Вова-гинеколог прекращал спор, уходил, поджав губы, к себе в палату, уносил стопку журналов и газет. Там, в своей палате, он продолжал анализировать исторический процесс, брал красный карандаш, отчеркивал абзацы в передовых статьях — и всякий день делился новой версией происходящего. Он понимал, что все идет правильно, но нечто такое присутствовало, что не давало покоя.

— Ну что ты, Вова, нервничаешь? — успокаивал его Татарников, — Прогресс — дело болезненное. Сталин говорил: «лес рубят — щепки летят». Вопрос в том, с какой точки зрения смотреть на вещи — с точки зрения начальника лесной промышленности или с точки зрения щепок.

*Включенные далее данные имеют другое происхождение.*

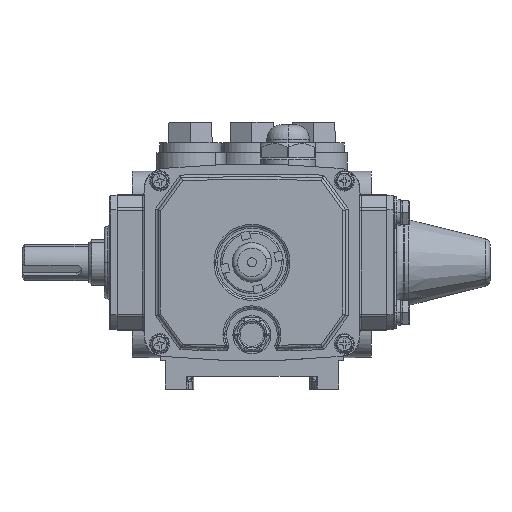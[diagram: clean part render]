
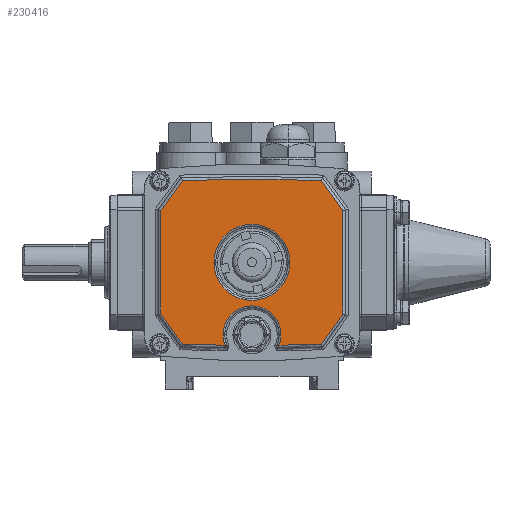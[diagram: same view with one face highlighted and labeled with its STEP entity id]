
A CAD part, top view. The second image highlights one B-rep face of the part: STEP entity #230416.
In plain terms, the highlighted planar face has unit normal (0, 0, 1).
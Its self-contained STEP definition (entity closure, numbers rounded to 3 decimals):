
#17618 = EDGE_CURVE ( 'NONE', #117241, #117257, #98584, .T. ) ;
#17676 = EDGE_CURVE ( 'NONE', #243728, #243816, #98560, .T. ) ;
#17693 = EDGE_CURVE ( 'NONE', #243722, #243728, #98602, .T. ) ;
#21526 = EDGE_CURVE ( 'NONE', #117285, #117277, #254890, .T. ) ;
#21531 = EDGE_CURVE ( 'NONE', #243716, #117285, #254949, .T. ) ;
#21536 = EDGE_CURVE ( 'NONE', #243816, #243718, #311932, .T. ) ;
#21540 = EDGE_CURVE ( 'NONE', #117237, #243722, #311935, .T. ) ;
#21545 = EDGE_CURVE ( 'NONE', #117233, #117229, #254965, .T. ) ;
#21550 = EDGE_CURVE ( 'NONE', #117211, #117233, #255008, .T. ) ;
#23084 = EDGE_CURVE ( 'NONE', #117257, #117241, #151654, .T. ) ;
#23092 = EDGE_CURVE ( 'NONE', #117213, #117211, #151661, .T. ) ;
#23095 = EDGE_CURVE ( 'NONE', #117277, #117213, #45599, .T. ) ;
#23103 = EDGE_CURVE ( 'NONE', #117229, #117237, #45630, .T. ) ;
#43221 = ORIENTED_EDGE ( 'NONE', *, *, #17618, .T. ) ;
#43229 = ORIENTED_EDGE ( 'NONE', *, *, #23084, .T. ) ;
#43233 = ORIENTED_EDGE ( 'NONE', *, *, #21540, .T. ) ;
#43238 = ORIENTED_EDGE ( 'NONE', *, *, #17693, .T. ) ;
#43244 = ORIENTED_EDGE ( 'NONE', *, *, #17676, .T. ) ;
#43250 = ORIENTED_EDGE ( 'NONE', *, *, #21536, .T. ) ;
#43259 = ORIENTED_EDGE ( 'NONE', *, *, #298609, .T. ) ;
#43268 = ORIENTED_EDGE ( 'NONE', *, *, #21531, .T. ) ;
#43274 = ORIENTED_EDGE ( 'NONE', *, *, #21526, .T. ) ;
#43280 = ORIENTED_EDGE ( 'NONE', *, *, #23095, .T. ) ;
#43286 = ORIENTED_EDGE ( 'NONE', *, *, #23092, .T. ) ;
#43295 = ORIENTED_EDGE ( 'NONE', *, *, #21550, .T. ) ;
#43304 = ORIENTED_EDGE ( 'NONE', *, *, #21545, .T. ) ;
#43313 = ORIENTED_EDGE ( 'NONE', *, *, #23103, .T. ) ;
#45599 = LINE ( 'NONE', #45601, #151663 ) ;
#45601 = CARTESIAN_POINT ( 'NONE',  ( 713.019, -858.161, 243.75 ) ) ;
#45603 = CARTESIAN_POINT ( 'NONE',  ( 0., 36., 243.75 ) ) ;
#45605 = DIRECTION ( 'NONE',  ( 0., 0., -1. ) ) ;
#45607 = DIRECTION ( 'NONE',  ( -1., 0., 0. ) ) ;
#45618 = CARTESIAN_POINT ( 'NONE',  ( 0., -1370.329, 243.75 ) ) ;
#45620 = DIRECTION ( 'NONE',  ( 0., 0., 1. ) ) ;
#45622 = DIRECTION ( 'NONE',  ( -1., 0., 0. ) ) ;
#45625 = DIRECTION ( 'NONE',  ( -0.583, 0.812, 0. ) ) ;
#45630 = LINE ( 'NONE', #45636, #151668 ) ;
#45636 = CARTESIAN_POINT ( 'NONE',  ( 619.7, -925.192, 243.75 ) ) ;
#45642 = DIRECTION ( 'NONE',  ( 0.583, -0.812, 0. ) ) ;
#57247 = CARTESIAN_POINT ( 'NONE',  ( -38.216, 81.27, 243.75 ) ) ;
#57249 = CARTESIAN_POINT ( 'NONE',  ( -50.25, 64.517, 243.75 ) ) ;
#57251 = CARTESIAN_POINT ( 'NONE',  ( -38.216, -9.27, 243.75 ) ) ;
#57255 = CARTESIAN_POINT ( 'NONE',  ( 38.216, 81.27, 243.75 ) ) ;
#57257 = CARTESIAN_POINT ( 'NONE',  ( -50.25, 7.483, 243.75 ) ) ;
#57259 = CARTESIAN_POINT ( 'NONE',  ( -21., 36., 243.75 ) ) ;
#57269 = CARTESIAN_POINT ( 'NONE',  ( 21., 36., 243.75 ) ) ;
#57273 = CARTESIAN_POINT ( 'NONE',  ( 50.25, 7.483, 243.75 ) ) ;
#57277 = CARTESIAN_POINT ( 'NONE',  ( 50.25, 64.517, 243.75 ) ) ;
#98560 = CIRCLE ( 'NONE', #98592, 16. ) ;
#98584 = CIRCLE ( 'NONE', #98657, 21. ) ;
#98592 = AXIS2_PLACEMENT_3D ( 'NONE', #144880, #144882, #144884 ) ;
#98602 = CIRCLE ( 'NONE', #98623, 16. ) ;
#98623 = AXIS2_PLACEMENT_3D ( 'NONE', #144967, #144969, #144971 ) ;
#98657 = AXIS2_PLACEMENT_3D ( 'NONE', #144661, #144663, #144665 ) ;
#113394 = CARTESIAN_POINT ( 'NONE',  ( 38.216, -9.27, 243.75 ) ) ;
#113397 = CARTESIAN_POINT ( 'NONE',  ( 14.952, -9.696, 243.75 ) ) ;
#113403 = CARTESIAN_POINT ( 'NONE',  ( -14.952, -9.696, 243.75 ) ) ;
#113411 = CARTESIAN_POINT ( 'NONE',  ( -16., -4., 243.75 ) ) ;
#113531 = CARTESIAN_POINT ( 'NONE',  ( 16., -4., 243.75 ) ) ;
#117211 = VERTEX_POINT ( 'NONE', #57247 ) ;
#117213 = VERTEX_POINT ( 'NONE', #57255 ) ;
#117229 = VERTEX_POINT ( 'NONE', #57257 ) ;
#117233 = VERTEX_POINT ( 'NONE', #57249 ) ;
#117237 = VERTEX_POINT ( 'NONE', #57251 ) ;
#117241 = VERTEX_POINT ( 'NONE', #57259 ) ;
#117257 = VERTEX_POINT ( 'NONE', #57269 ) ;
#117277 = VERTEX_POINT ( 'NONE', #57277 ) ;
#117285 = VERTEX_POINT ( 'NONE', #57273 ) ;
#144661 = CARTESIAN_POINT ( 'NONE',  ( 0., 36., 243.75 ) ) ;
#144663 = DIRECTION ( 'NONE',  ( 0., 0., -1. ) ) ;
#144665 = DIRECTION ( 'NONE',  ( -1., 0., 0. ) ) ;
#144880 = CARTESIAN_POINT ( 'NONE',  ( 0., -4., 243.75 ) ) ;
#144882 = DIRECTION ( 'NONE',  ( 0., 0., -1. ) ) ;
#144884 = DIRECTION ( 'NONE',  ( -1., 0., 0. ) ) ;
#144967 = CARTESIAN_POINT ( 'NONE',  ( 0., -4., 243.75 ) ) ;
#144969 = DIRECTION ( 'NONE',  ( 0., 0., -1. ) ) ;
#144971 = DIRECTION ( 'NONE',  ( -1., 0., 0. ) ) ;
#151654 = CIRCLE ( 'NONE', #151659, 21. ) ;
#151659 = AXIS2_PLACEMENT_3D ( 'NONE', #45603, #45605, #45607 ) ;
#151661 = CIRCLE ( 'NONE', #151666, 1452.102 ) ;
#151663 = VECTOR ( 'NONE', #45625, 1000. ) ;
#151666 = AXIS2_PLACEMENT_3D ( 'NONE', #45618, #45620, #45622 ) ;
#151668 = VECTOR ( 'NONE', #45642, 1000. ) ;
#230416 = ADVANCED_FACE ( 'NONE', ( #313626, #313631 ), #313634, .F. ) ;
#237326 = AXIS2_PLACEMENT_3D ( 'NONE', #313592, #313640, #313643 ) ;
#243716 = VERTEX_POINT ( 'NONE', #113394 ) ;
#243718 = VERTEX_POINT ( 'NONE', #113397 ) ;
#243722 = VERTEX_POINT ( 'NONE', #113403 ) ;
#243728 = VERTEX_POINT ( 'NONE', #113411 ) ;
#243816 = VERTEX_POINT ( 'NONE', #113531 ) ;
#254890 = LINE ( 'NONE', #254936, #311918 ) ;
#254936 = CARTESIAN_POINT ( 'NONE',  ( 50.25, -1370.329, 243.75 ) ) ;
#254945 = DIRECTION ( 'NONE',  ( 0., 1., 0. ) ) ;
#254949 = LINE ( 'NONE', #254955, #311928 ) ;
#254955 = CARTESIAN_POINT ( 'NONE',  ( -619.7, -925.192, 243.75 ) ) ;
#254959 = DIRECTION ( 'NONE',  ( 0.583, 0.812, 0. ) ) ;
#254965 = LINE ( 'NONE', #254971, #311941 ) ;
#254971 = CARTESIAN_POINT ( 'NONE',  ( -50.25, -1370.329, 243.75 ) ) ;
#254975 = CARTESIAN_POINT ( 'NONE',  ( 0., -4., 243.75 ) ) ;
#254978 = DIRECTION ( 'NONE',  ( 0., 0., -1. ) ) ;
#254982 = DIRECTION ( 'NONE',  ( -1., 0., 0. ) ) ;
#254991 = CARTESIAN_POINT ( 'NONE',  ( 0., 1442.329, 243.75 ) ) ;
#254995 = DIRECTION ( 'NONE',  ( 0., 0., 1. ) ) ;
#254999 = DIRECTION ( 'NONE',  ( -1., 0., 0. ) ) ;
#255004 = DIRECTION ( 'NONE',  ( 0., -1., 0. ) ) ;
#255008 = LINE ( 'NONE', #255015, #311948 ) ;
#255015 = CARTESIAN_POINT ( 'NONE',  ( -713.019, -858.161, 243.75 ) ) ;
#255018 = DIRECTION ( 'NONE',  ( -0.583, -0.812, 0. ) ) ;
#298609 = EDGE_CURVE ( 'NONE', #243718, #243716, #325787, .T. ) ;
#311918 = VECTOR ( 'NONE', #254945, 1000. ) ;
#311928 = VECTOR ( 'NONE', #254959, 1000. ) ;
#311932 = CIRCLE ( 'NONE', #311938, 16. ) ;
#311935 = CIRCLE ( 'NONE', #311945, 1452.102 ) ;
#311938 = AXIS2_PLACEMENT_3D ( 'NONE', #254975, #254978, #254982 ) ;
#311941 = VECTOR ( 'NONE', #255004, 1000. ) ;
#311945 = AXIS2_PLACEMENT_3D ( 'NONE', #254991, #254995, #254999 ) ;
#311948 = VECTOR ( 'NONE', #255018, 1000. ) ;
#313592 = CARTESIAN_POINT ( 'NONE',  ( 0., -1370.329, 243.75 ) ) ;
#313626 = FACE_BOUND ( 'NONE', #345954, .T. ) ;
#313631 = FACE_OUTER_BOUND ( 'NONE', #345962, .T. ) ;
#313634 = PLANE ( 'NONE',  #237326 ) ;
#313640 = DIRECTION ( 'NONE',  ( 0., 0., -1. ) ) ;
#313643 = DIRECTION ( 'NONE',  ( -1., 0., 0. ) ) ;
#325787 = CIRCLE ( 'NONE', #325799, 1452.102 ) ;
#325799 = AXIS2_PLACEMENT_3D ( 'NONE', #332094, #332099, #332104 ) ;
#332094 = CARTESIAN_POINT ( 'NONE',  ( 0., 1442.329, 243.75 ) ) ;
#332099 = DIRECTION ( 'NONE',  ( 0., 0., 1. ) ) ;
#332104 = DIRECTION ( 'NONE',  ( -1., 0., 0. ) ) ;
#345954 = EDGE_LOOP ( 'NONE', ( #43221, #43229 ) ) ;
#345962 = EDGE_LOOP ( 'NONE', ( #43233, #43238, #43244, #43250, #43259, #43268, #43274, #43280, #43286, #43295, #43304, #43313 ) ) ;

Татарников лежал на спине — пошевелиться не мог, в поле его зрения был только потолок. Хорошая у меня точка зрения, думал он, объективная.

Стабильная точка зрения, и поменять ее невозможно. Причина сегодняшней обиды в том, что обывателю хотелось глядеть на рубку леса глазами лесопромышленников, ему даже предложили купить немного акций лесного хозяйства, ему вдолбили в голову, что он практически соучастник рубки леса. История среднего класса — это история простофили, попавшего на большое производство. Вокруг кипит работа, валят деревья, и вдруг обыватель осознал, что он не промышленник, даже не лесоруб, он всего лишь расходный материал. Это его собираются использовать на растопку, вот незадача. А лес как рубили, так и рубят по-прежнему — и щепки летят во все стороны.

И меня вот срубили, думал Татарников, хотя я еще держусь, еще не вовсе труха. Но топор вошел глубоко.

6

Физики говорят, что не исчезает ни единый атом материи, ни единый сгусток энергии, но и то и другое трансформируется, продолжая существовать. Значит, когда меня не станет, я переплавлюсь в некую свободную от оболочки энергию, перейду в новое состояние, просто утратится одна из форм существования — и только. Видимо, то, что от меня останется, и называется душой. Это они имеют в виду, когда говорят, что душа бессмертна. Надо просто верить. Только верить — и все остальное устроится само собой.

Если существует всеобъемлющее Высшее Сознание (интеллигенты стесняются слова Бог, так назовем Бога — высшим сознанием), то может ли какая-либо идея угаснуть в нем без следа? Свет звезды идет до нас миллионы лет — и возможно, сама звезда уже погасла, но она является в виде света. После моей смерти Бог по-прежнему будет помнить меня, вот такого Сергея Ильича, каким я всегда был. А разве, если я сохраняюсь в памяти у Бога, если мое личное сознание сохраняется в высшем сознании, — разве это не значит, что я не умираю? Единение в высшем сознании — не означает ли оно бессмертие? Я не умираю, просто уходит форма, приданная природой моему сознанию.